高血圧、糖尿病、脂質異常症(コレステロールや中性脂肪が多い状態)がある方、喫煙する方、運動不足の方、家族に心臓病の方がいる方などが影響を受けやすいです。
症状
- 突然の強い胸の痛み(締め付けられるような痛み)が15分以上続く
- 胸の痛みとともに、冷や汗が出る、吐き気がする、息ができない
- 意識を失った
- 顔色が真っ青で、脈が非常に弱いまたは不規則
- ⚠胸の痛みや圧迫感が繰り返し起こる(安静にすると治るが、また出る)
- ⚠理由もなく動悸が激しくなってなかなかおさまらない
- ⚠急に息苦しくなって座っていられない
一般的な症状
- 胸の痛みや圧迫感(特に運動時や興奮したとき)
- 息切れ(少し動いただけで息が苦しくなる)
- 動悸(ドキドキする、脈が飛ぶ感じ)
- めまいや立ちくらみ
子供の症状
- 疲れやすくて、遊びたがらない
- 息切れがひどい
- 唇や爪の色が紫色になる(チアノーゼ)
- 成長が遅い
高齢者の症状
- 胸の痛みよりも、だるさや食欲不振が目立つことがある
- 息切れで歩くのが遅くなる
- 足や足首のむくみ
- 混乱や意識がぼんやりする
原因
主な原因
- 動脈硬化(血管の内側にコレステロールなどがたまって血管が細くなること)
- 心臓の筋肉や弁の異常
- 不整脈(心臓の電気信号の乱れ)
リスク要因
- 脂質異常症
- 運動不足
- 過度の飲酒
- 強いストレス
- 家族に心臓病の人がいる
受診の目安
緊急で受診すべき場合:
- 突然の胸の痛みや圧迫感がある(特に上記の緊急症状に該当する場合)
- 動悸がひどくて日常生活に支障がある
- 息切れが急に悪化した
定期受診を予約すべき場合:
- 健康診断で心電図の異常を指摘された
- 血圧やコレステロールの値が高いと言われたが、まだ症状はない
- 家族に心臓病の人がいるので、一度検査しておきたい
診断
医師があなたの症状や生活習慣を詳しく聞き、身体の診察を行います。

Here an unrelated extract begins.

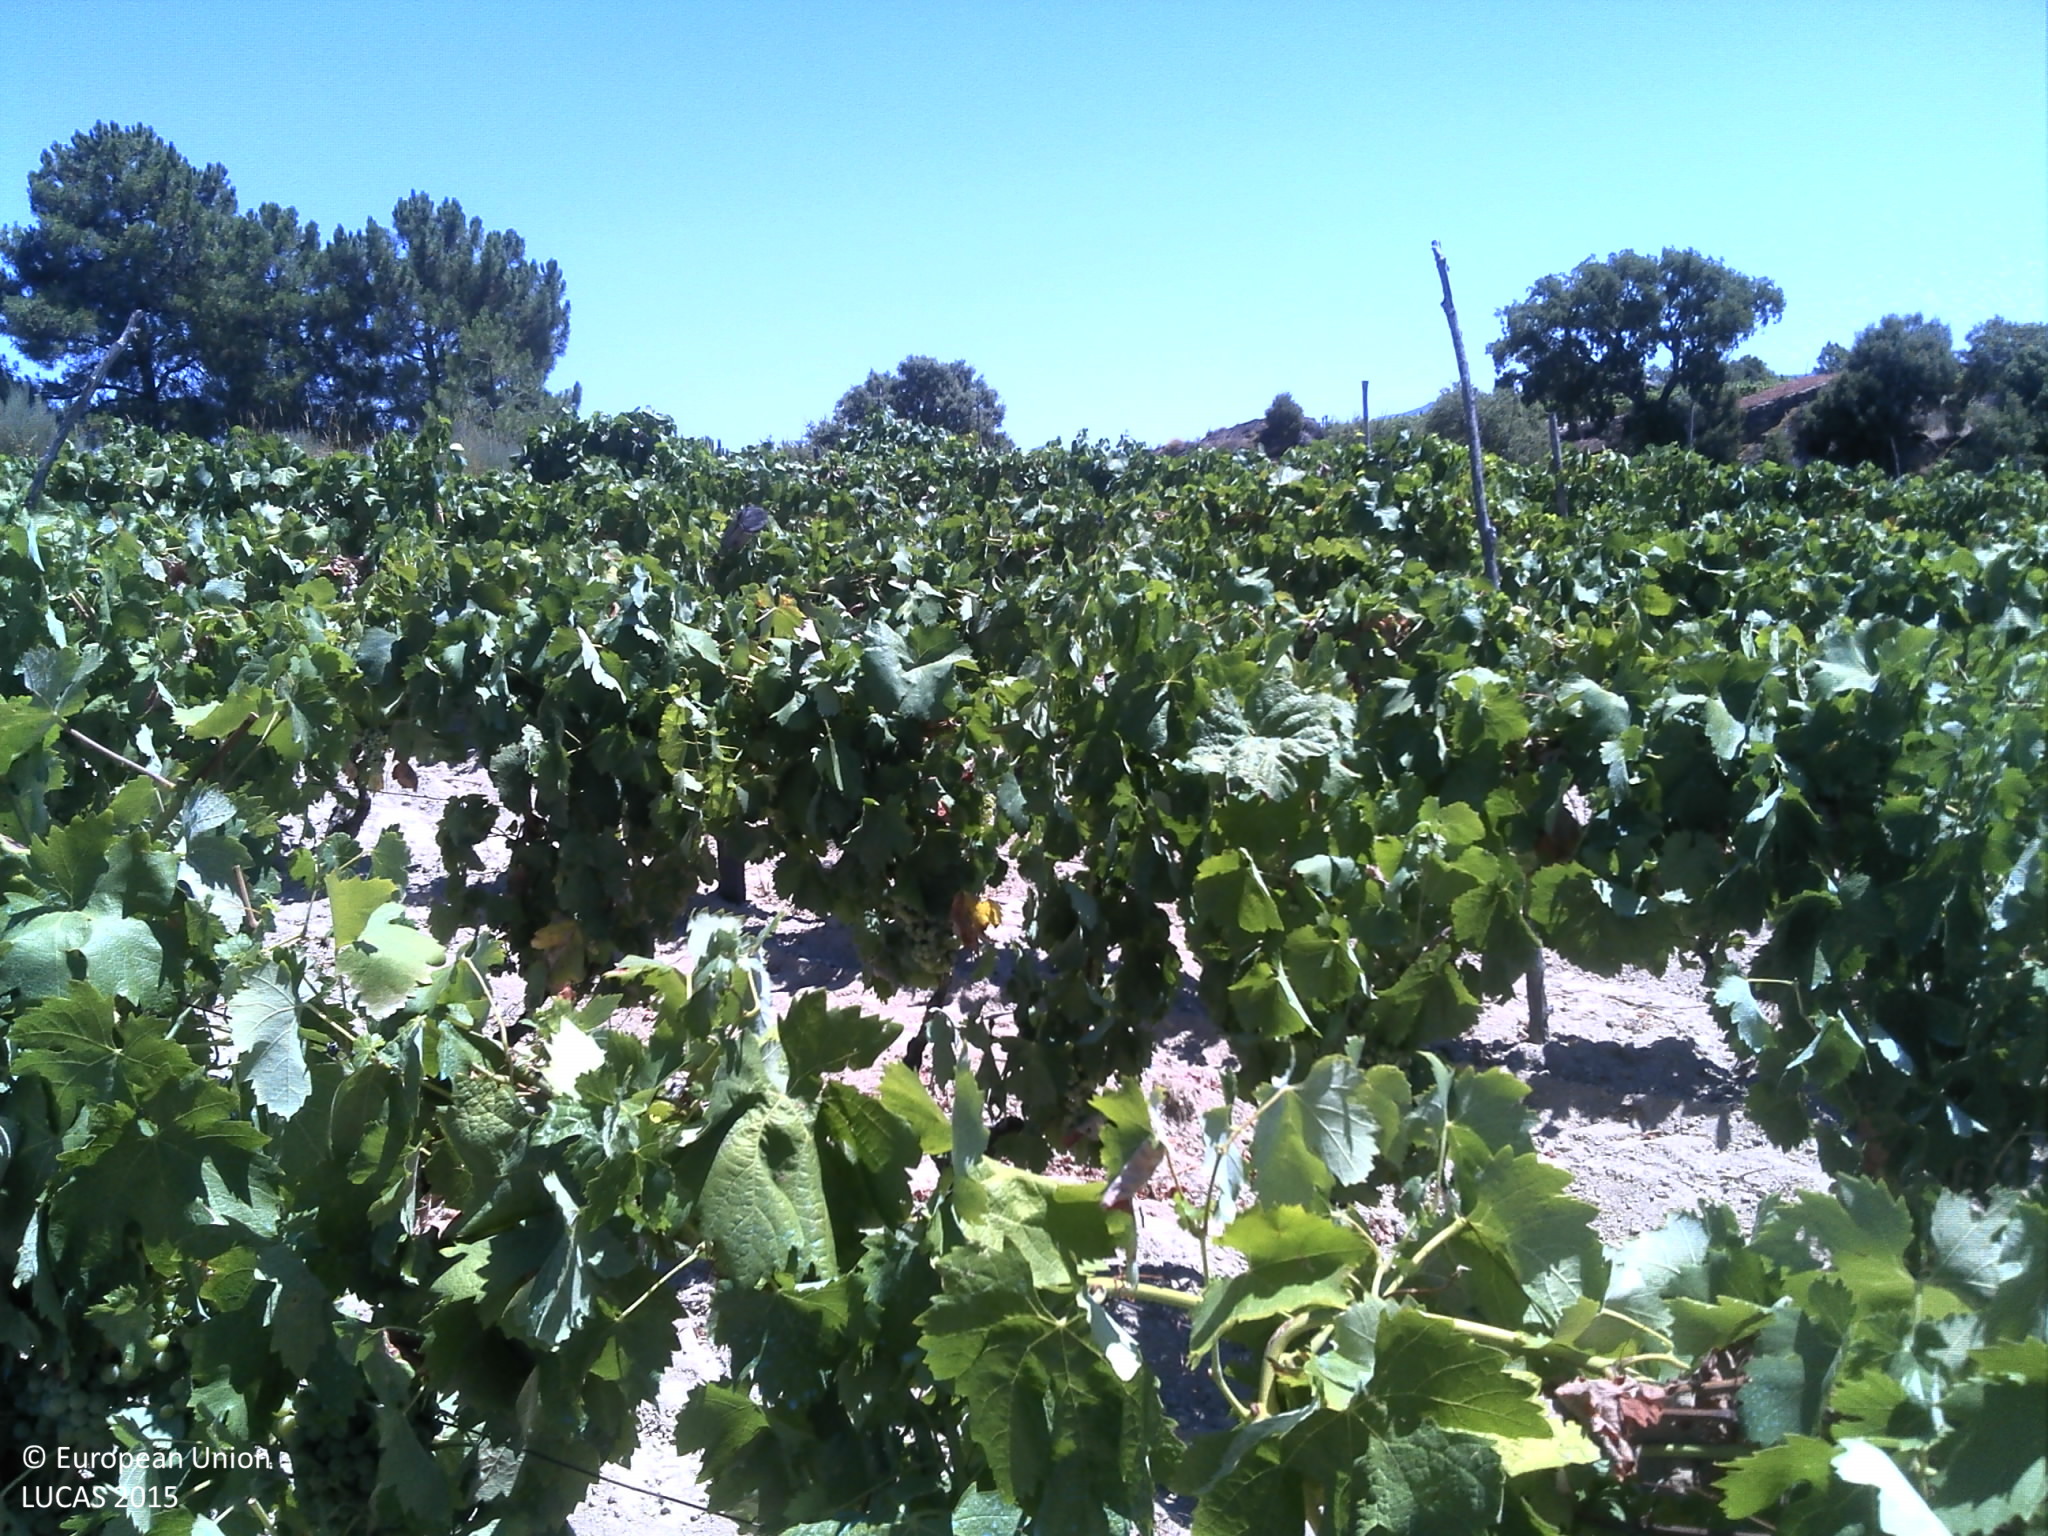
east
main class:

その後、必要な検査を追加して心臓の状態を調べます。
行われる可能性のある検査
- 心電図(心臓の電気的な活動を記録する検査)
- 胸部X線(心臓の大きさや肺の状態を見る)
- 血液検査(心臓の負担を示す物質やコレステロール値を調べる)
- 心臓超音波検査(心臓の動きや弁の状態をエコーで見る)
- ホルター心電図(24時間心電図を記録して不整脈を調べる)
診察で予想されること
検査は痛みを伴わないものがほとんどです。医師や看護師が丁寧に説明してくれます。結果が出るまでに数日かかることもありますが、早めに正しい診断を受けることが大切です。
治療
治療は原因や症状の重さによって異なります。生活習慣の改善と、医師が処方する薬を使った治療が基本です。場合によっては手術やカテーテル治療(細い管を使って治療する方法)が行われることもあります。
自宅でのセルフケア
- 禁煙する
- 塩分を控える(1日6g未満が目標)
- 適度な運動を続ける(医師に相談してから)
- 体重を適正に保つ
- ストレスをためないようにする
医療治療
医師があなたの状態に合わせて、血圧を下げる薬、心臓の負担を減らす薬、血液をサラサラにする薬などを処方します。必ず医師の指示に従い、自己判断でやめないでください。
手術が検討される場合
薬で効果が不十分な場合や、冠動脈が狭くなっている場合などに、バイパス手術やステント留置術(血管の中に網目状の管を入れて広げる治療)が行われることがあります。手術の必要性は専門医が詳しく説明します。
この病気と共に生きる
心臓にトラブルがあっても、適切な治療と生活管理を続ければ多くの人が日常生活を送ることができます。定期的に通院し、症状の変化があればすぐに医師に相談しましょう。
生活習慣のアドバイス
- 毎日決まった時間に薬を飲む習慣をつける
- 血圧や体重を定期的に測る
- 無理をしない範囲で散歩などの軽い運動をする
- 十分な睡眠をとる
食事と運動
食事は野菜や魚を中心に、塩分と脂肪を控えめにしましょう。運動は医師に相談してから始め、ウォーキングなど無理のない範囲で続けることが大切です。
精神的健康と心の健康
心臓病は不安やストレスを感じやすい病気です。「自分だけが悪いのでは」と思わずに、気持ちを家族や医療者に話しましょう。必要に応じて心理的なサポートを受けることもできます。
予防
完全に防ぐことはできませんが、生活習慣を整えることでリスクを大きく減らせます。バランスの良い食事、適度な運動、禁煙、節酒、ストレス管理が重要です。
検診プログラム
定期的な健康診断(血圧、コレステロール、血糖値のチェック)と心電図検査が早期発見に役立ちます。40歳を過ぎたら年に1回は受診しましょう。
合併症
治療しない場合
- 心筋梗塞(心臓の血管が詰まって心筋が壊死する)
- 心不全(心臓のポンプ機能が低下して体に十分な血液を送れなくなる)
- 脳卒中(心臓の血栓が脳の血管に詰まる)
- 突然死(致死性不整脈などによる)
長期的な見通し
心臓のトラブルは早期発見と適切な治療で多くの場合、症状をコントロールできます。治療法は年々進歩しており、諦めずに医療機関と協力して生活を続けることが大切です。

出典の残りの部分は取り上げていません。